J'ai une question sur l'accord de l'adjectif de couleur.
Je sais que si l'adjectif de couleur est composé, il reste invariable, par exemple, les yeux bleu vert 
Est-ce qu'on peut dire aussi les yeux bleu et vert (je ne crois plus "bleu et vert" reste un mot composé, mais c'est une phrase dans la manuel que je crois fausse.)? ou plutôt les yeux bleus et verts?
En plus, est-ce qu'on dit aussi " vert bleu"?


----------



## tilt

Bonjour,

*Bleu-vert *signifie d'un bleu qui tire sur le vert. Rien n'interdit de dire *vert-bleu *pour parler d'un vert qui tire sur le bleu, mais l'expression est moins courante.
Ces adjectifs sont effectivement invariables.

_Des yeux *bleus *et *verts*_ seront des yeux où le bleu et le vert se côtoient.
_Les yeux *bleu *et *vert *_peut être correct pour parler de quelqu'un qui a un œil bleu et un oeil vert.


----------



## Moity Jean

Bonjour,

_Je sais que si l'adjectif de couleur est composé, il reste invariable, par exemple, les yeux bleu vert.  _*OUI*

_Est-ce qu'on peut dire aussi les yeux bleu et vert. 
_... Seulement si les yeux ont _chacun_ les deux couleurs ! (Difficile à trouver!!!) A rapprocher de : mes chiens sont noir et blanc (chaque chien présente les deux couleurs)  - mes chiens sont noirs et blancs  (il y a des chiens noirs et d'autres blancs)
Mais Grevisse relève beaucoup de contre-exemples.
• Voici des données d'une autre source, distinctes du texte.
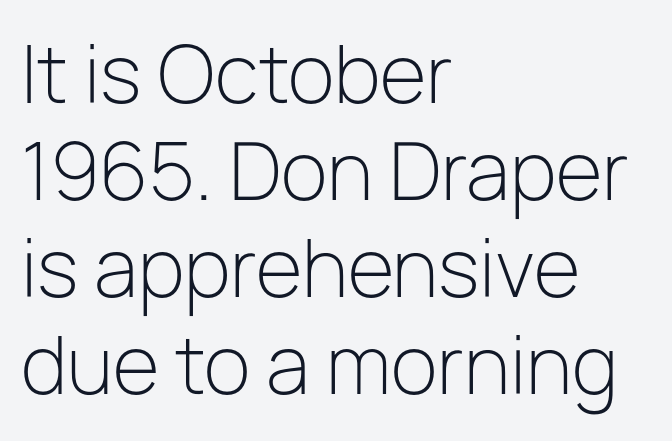
Q: Is the text bold? A: No.
Q: Is the text italic (slanted)? A: No, it is upright.
Q: Is the typeface a serif or a sans-serif typeface? A: Sans-serif.
Q: Is the text underlined? A: No.
Q: How is the paragraph aligned? A: Left-aligned.
Q: Is the spacing between letters normal or unusually wide? A: Normal.
Q: Is the spacing between lines tight, normal or loose? A: Normal.
Q: Width (condensed, normal, or wide)? A: Normal.
Q: Stroke contrast? A: Low.
Q: x-height? A: Medium.
Q: Monospaced? A: No.
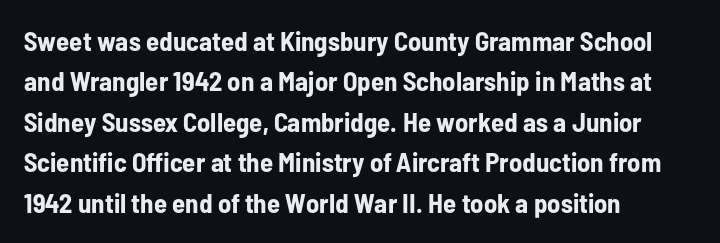
Look at the tracking — it's just the regular setting, nothing added. A classic flush-left, rag-right setting is used for this passage. Lines of text with bare space underneath. The font's upright variant was chosen for this text.
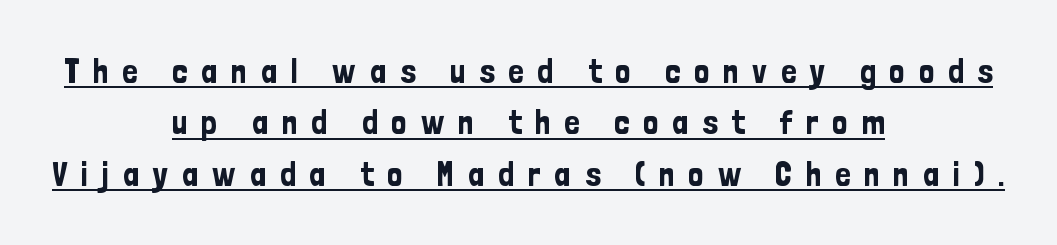
{"serif": "no", "italic": "no", "width": "condensed", "stroke_contrast": "low", "x_height": "medium", "monospaced": "no", "underline": "yes", "align": "center", "line_spacing": "normal", "line_spacing_ratio": 1.51, "letter_spacing": "wide", "letter_spacing_em": 0.41, "glyph_px": 34}
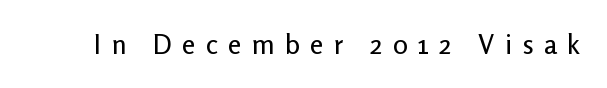
{"italic": "no", "underline": "no", "letter_spacing": "wide", "letter_spacing_em": 0.38, "glyph_px": 27}
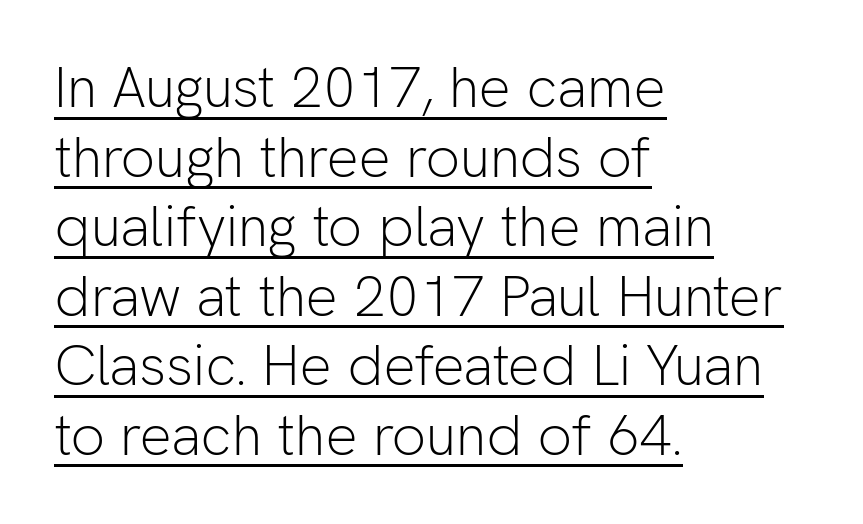
{"serif": "no", "italic": "no", "bold": "no", "weight": "light", "width": "normal", "stroke_contrast": "low", "x_height": "medium", "monospaced": "no", "underline": "yes", "align": "left", "line_spacing_ratio": 1.22, "letter_spacing": "normal", "letter_spacing_em": 0.0, "glyph_px": 57}
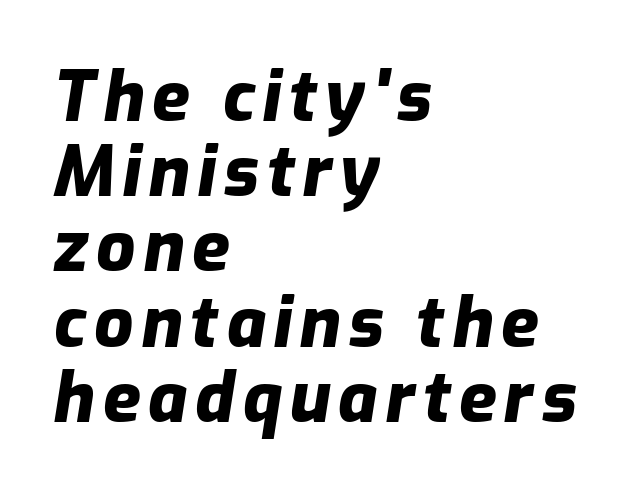
{"italic": "yes", "lean": "right", "slant_degrees": 9, "bold": "yes", "weight": "heavy", "width": "normal", "stroke_contrast": "low", "x_height": "medium", "monospaced": "no", "underline": "no", "align": "left", "line_spacing": "tight", "line_spacing_ratio": 1.09, "glyph_px": 69}
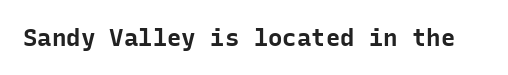
Q: Is the text bold? A: Yes.
Q: Is the text italic (slanted)? A: No, it is upright.
Q: Is the text underlined? A: No.
Q: Is the spacing between letters normal or unusually wide? A: Normal.

Enfin, les yeux bleu vert sont des yeux _pers !_ (couleur entre le vert et le bleu)... mais une paire d'yeux pers...aurait pu inspirer Raymond Devos !!


Bien amicalement


----------



## tilt

Moity Jean said:


> A rapprocher de : mes chiens sont noir et blanc (chaque chien présente les deux couleurs)  - mes chiens sont noirs et blancs  (il y a des chiens noirs et d'autres blancs)
> Mais Grevisse relève beaucoup de contre-exemples.


Voilà qui me surprend.
Pour moi, au contraire, quand on a deux chiens, écrire _mes chiens sont noir et blanc _implique que l'un est noir et l'autre blanc, alors que _mes chiens sont noirs et blancs _signifie qu'ils sont bicolores tous les deux.


----------



## Gwynplaine

Tilt et Moity Jean, je pense que vous avez tous les deux raison.

Si on a un chien noir et un chien blanc, on est obligé de dire _des chiens noir et blanc_.
Mais si on a plusieurs chiens noirs et plusieurs chiens blancs, on est obligé de dire _des chiens noirs et blancs_.
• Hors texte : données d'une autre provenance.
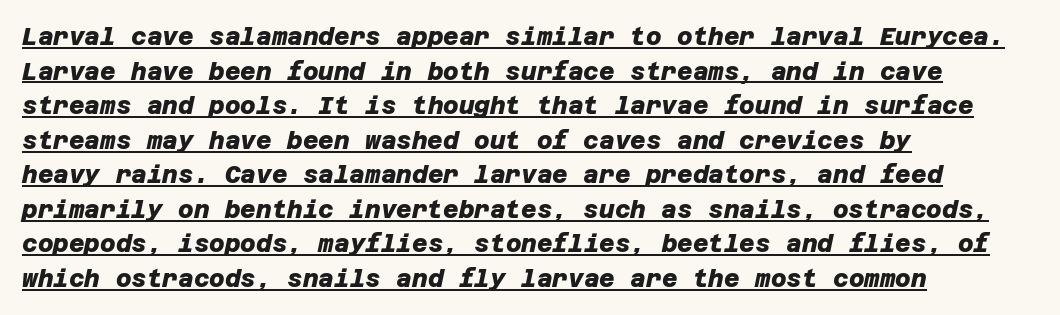
The image shows 24 px bold type; set left-aligned, normal line spacing (1.44x), normal letter spacing, underlined.
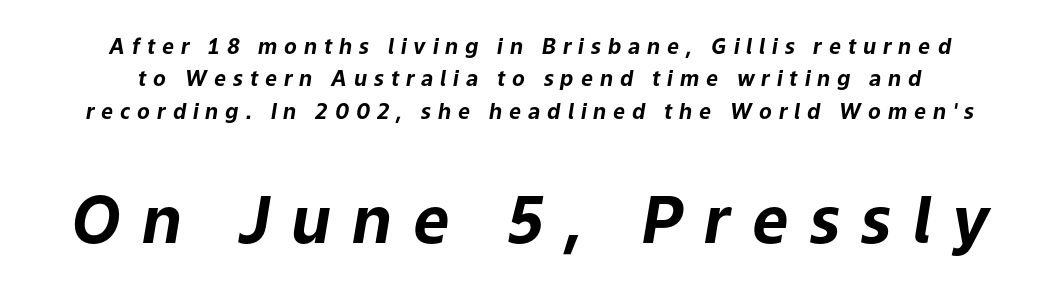
{"italic": "yes", "lean": "right", "slant_degrees": 9, "bold": "yes", "weight": "bold", "width": "normal", "stroke_contrast": "low", "x_height": "medium", "monospaced": "no", "underline": "no", "align": "center", "line_spacing": "normal", "line_spacing_ratio": 1.54, "letter_spacing": "wide", "letter_spacing_em": 0.33, "larger_block": "second", "size_ratio": 3.05, "glyph_px": 64}

Si on a plusieurs chiens qui sont à la fois noirs et blancs, alors le Grevisse ne tranche pas et admet les deux types d'accord. Voici quelques exemples qu'il donne, tirés de notre littérature :

-adjectifs invariables :
_Les gros bouquins rouge et or_ (Martin du Gard)
_Ces grands papillons bleu et noir_ (Julien Green)

-adjectifs variables
_Les vaches blanches et noires_ (Gracq)
_Des mouettes noires et blanches tournoyaient_ (Michel Tournier)


----------



## Maître Capello

Gwynplaine said:


> Si on a un chien noir et un chien blanc, on est obligé de dire _des chiens noir et blanc_.


C'est correct du point de vue grammatical. Toutefois je crois qu'on ne dirait jamais cela, mais plutôt quelque chose comme _un chien noir et un blanc_. En tout cas, si je lis _des chiens noir et blanc_ sans davantage de contexte, je vais tout de suite penser qu'ils sont bicolores…


----------



## tilt

Le singulier des adjectifs m'empêchera de penser une telle chose, pour ma part.
J'ai eu maintes occasions d'écrire des choses semblables à _des chiens noir et blanc_, et je dois le reconnaître, presque autant de m'en expliquer : l'emploi de deux adjectifs au singulier après un nom pluriel surprend souvent les gens, en effet.
Pourtant, qui mettrait par exemple les adjectifs au pluriel dans _mes deuxième et troisième chiens étaient des caniches _?


----------



## Maître Capello

tilt said:


> Pourtant, qui mettrait par exemple les adjectifs au pluriel dans _mes deuxième et troisième chiens étaient des caniches _?


Non, ce n'est pas la même chose. Il ne peut en effet jamais y avoir qu'un seul « deuxième » et qu'un seul « troisième », alors que les couleurs peuvent s'appliquer à une ou plusieurs choses/personnes/animaux…


----------



## patassa

Je vois la logique derrière cet emploi, c'est-à-dire que cela résoud l'ambiguïté de la phrase quand il s'agit d'un nom pluriel.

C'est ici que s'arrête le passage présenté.